Exercise input —
---------------

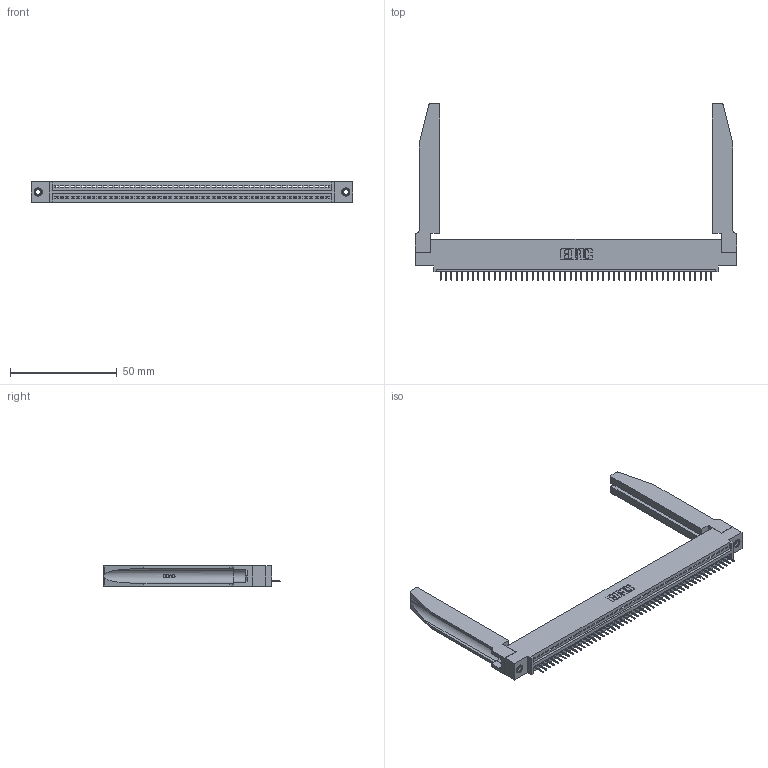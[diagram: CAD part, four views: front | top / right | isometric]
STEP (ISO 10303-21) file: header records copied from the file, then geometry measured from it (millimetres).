
FILE_DESCRIPTION (( 'STEP AP203' ), '1' );
FILE_NAME ('345-051-524-478.STEP', '2019-10-09T15:47:03', ( '' ), ( '' ), 'SwSTEP 2.0', 'SolidWorks 2016', '' );
FILE_SCHEMA (( 'CONFIG_CONTROL_DESIGN' ));
Length unit declared in the file: inch
Products named in the file (5): 345-292-001_345-293-124; 345-051-524-478; 345-250-001_345-250-001-102; 345 Part_0.110 Offset - 0.156 Dia-TH; 345-220-078_345-220-078
Assembly tree (56 placements, depth 2):
  345-051-524-478
    345 Part_0.110 Offset - 0.156 Dia-TH
    345-292-001_345-293-124  x51
    345-250-001_345-250-001-102  x2
    345-220-078_345-220-078  x2
Bounding box: 150.77 x 83.11 x 9.4 mm (x, y, z)
Volume: 21890.1 mm3; surface area: 25169.3 mm2
Topology: 56 solids, 56 shells, 3526 faces, 10141 edges, 6546 vertices
Faces by surface type: plane 2572, cylinder 902, bspline 36, cone 12, torus 4
Entity records: 42118 total; most frequent: CARTESIAN_POINT 8192, ORIENTED_EDGE 7074, DIRECTION 6149, EDGE_CURVE 3537, LINE 3111, VECTOR 3111, VERTEX_POINT 2348, AXIS2_PLACEMENT_3D 1519

---------------

Activity — Each record above is to be copied exactly. Drop the pictures.

Answer for the task —
[diagram: CAD part, four views: front | top / right | isometric]
STEP (ISO 10303-21) file: header records copied from the file, then geometry measured from it (millimetres).
FILE_DESCRIPTION (( 'STEP AP203' ), '1' );
FILE_NAME ('345-051-524-478.STEP', '2019-10-09T15:47:03', ( '' ), ( '' ), 'SwSTEP 2.0', 'SolidWorks 2016', '' );
FILE_SCHEMA (( 'CONFIG_CONTROL_DESIGN' ));
Length unit declared in the file: inch
Products named in the file (5): 345-292-001_345-293-124; 345-051-524-478; 345-250-001_345-250-001-102; 345 Part_0.110 Offset - 0.156 Dia-TH; 345-220-078_345-220-078
Assembly tree (56 placements, depth 2):
  345-051-524-478
    345 Part_0.110 Offset - 0.156 Dia-TH
    345-292-001_345-293-124  x51
    345-250-001_345-250-001-102  x2
    345-220-078_345-220-078  x2
Bounding box: 150.77 x 83.11 x 9.4 mm (x, y, z)
Volume: 21890.1 mm3; surface area: 25169.3 mm2
Topology: 56 solids, 56 shells, 3526 faces, 10141 edges, 6546 vertices
Faces by surface type: plane 2572, cylinder 902, bspline 36, cone 12, torus 4
Entity records: 42118 total; most frequent: CARTESIAN_POINT 8192, ORIENTED_EDGE 7074, DIRECTION 6149, EDGE_CURVE 3537, LINE 3111, VECTOR 3111, VERTEX_POINT 2348, AXIS2_PLACEMENT_3D 1519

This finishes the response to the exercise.